Valleytronics and neuromorphic computing are under heavy investigation as next-generation information processing technologies. In valleytronics (Figure 1), information is stored and manipulated by moving carriers between energy band extrema (i.e., valleys) in momentum-space. Achieving this requires a material where carriers can be selectively populated in individual valleys and manipulated on demand. Neuromorphic computing takes a different approach by relying on a network of phase change memory cells that can individually mimic neuronal behaviors. In phase change memories, information is stored in the structural, electronic, or magnetic phase of the material. Read/write operations are achieved by switching the material between phases and may offer a faster and more energy efficient alternative to some of the most common non-volatile memories in consumer electronics. In addition, the stimulus required to trigger a phase change can in some cases reduce with repeated operation, thus emulating the strengthening of biological synapses upon repeated stimulation.

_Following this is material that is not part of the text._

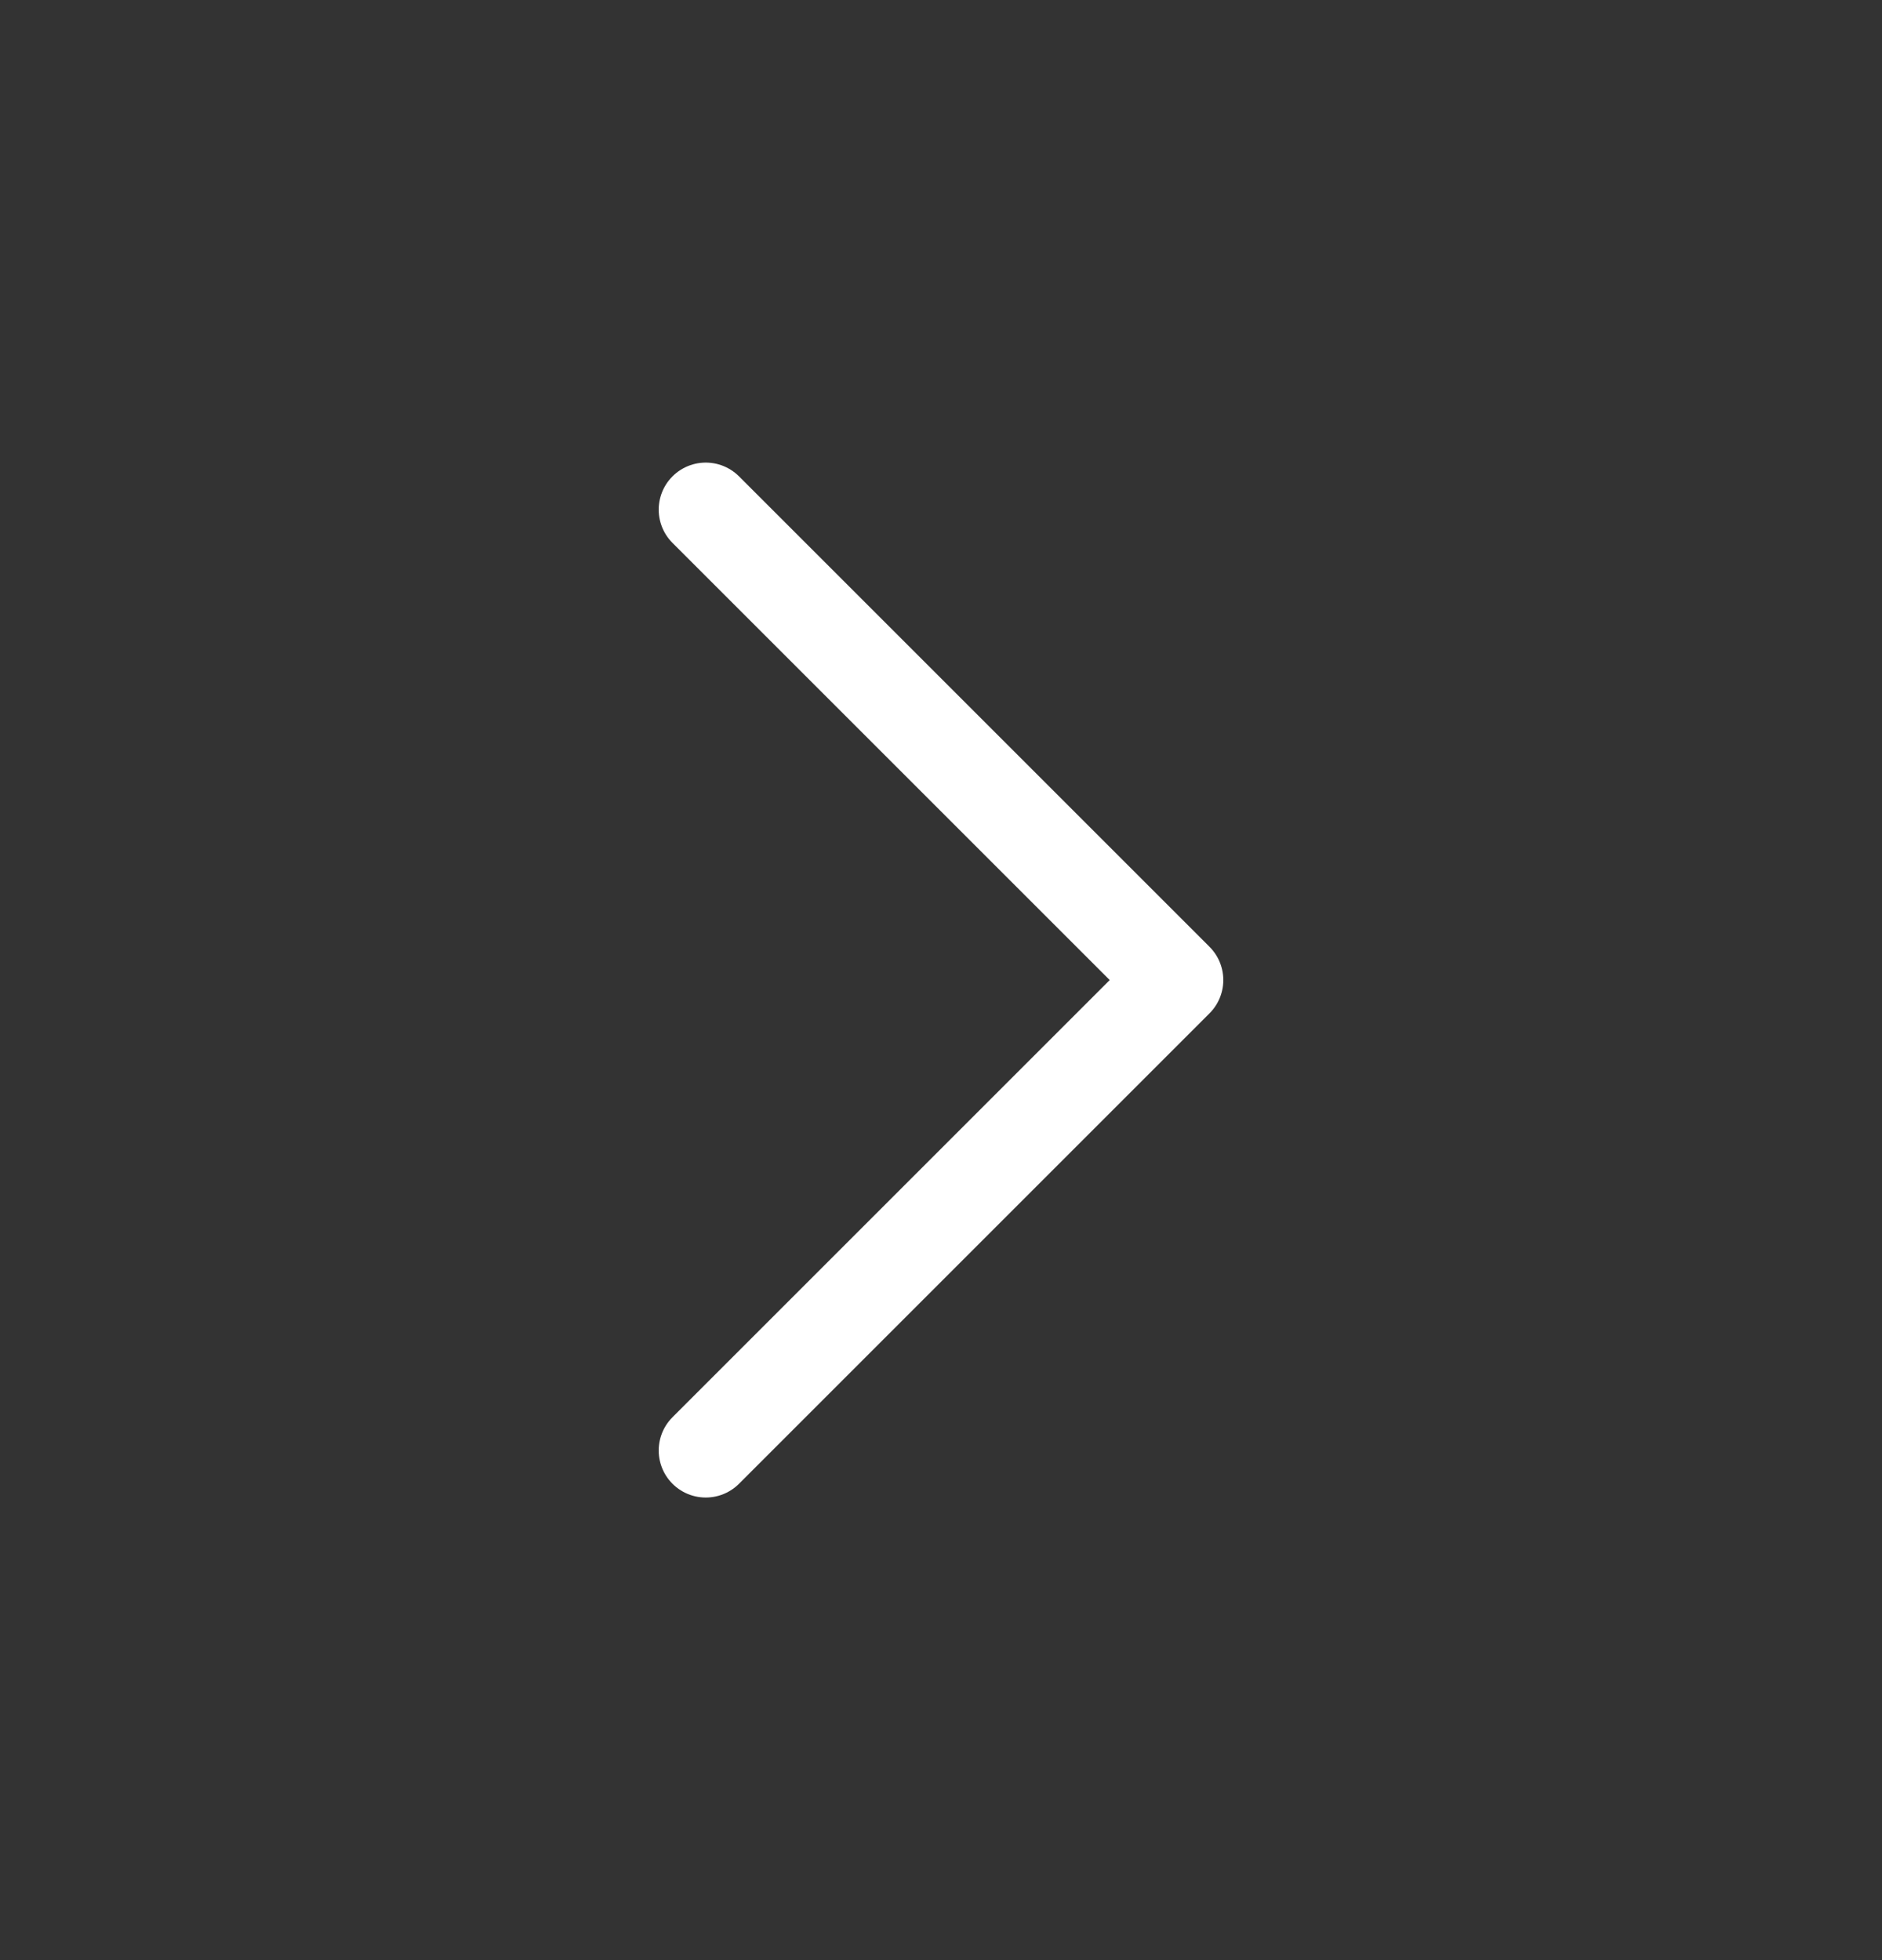 <svg xmlns="http://www.w3.org/2000/svg" width="24" height="25" viewBox="0 0 24 25" fill="none">
<rect x="0" y="0" width="24" height="25" fill="#333333" stroke="none"/>
<path d="M9 6.5L15 12.5L9 18.5" stroke="white" stroke-width="1.2" stroke-linecap="round" stroke-linejoin="round"/>
</svg>

Valleytronics in 2D alloys
Figure 1 – Schematic of optical excitation and detection of valley polarization in the transition metal dichalcogenide alloy WSe2(1-x)Te2x.

In this work,our team explored the possibility of achieving a single material where both valleytronic and neuromorphic functionality can be combined. Two-dimensional (2D) transition metal dichalcogenide alloys are ideal for this application due to their inherent structural polymorphism. By alloying a TMD in a semiconducting hexagonal phase (WSe2) with one that naturally occurs in a semimetallic phase (WTe2), we can lower the energy barrier between these two structural phases. However, while valleytronic behaviors are known to be robust in WSe2, it is an open question whether they would survive in a TMD alloy where the parent compounds are in different structural phases. We performed a systematic characterization of the optical and vibrational properties of monolayer  WSe2(1-x)Te2x alloys, which are potential candidates for phase change memory, to understand how valley polarization is altered with the incorporation of Te. The principle result of our work is that both valley polarization and valley coherence remain large in WSe2(1-x)Te2x alloys up to x = 14%, which is comparable to the behavior of the parent compound WSe2. Alloys also appear to host valley-polarized excitons that are more resistant to phonon-induced depolarization mechanisms. This implies that at elevated temperatures alloys may outperform pure WSe2 in valleytronic applications. These results are the first systematic examination of valley properties in 2D phase change materials and point to a new class of devices where valleytronics can be utilized in concert with phase change elements in hybrid next-generation computing architectures.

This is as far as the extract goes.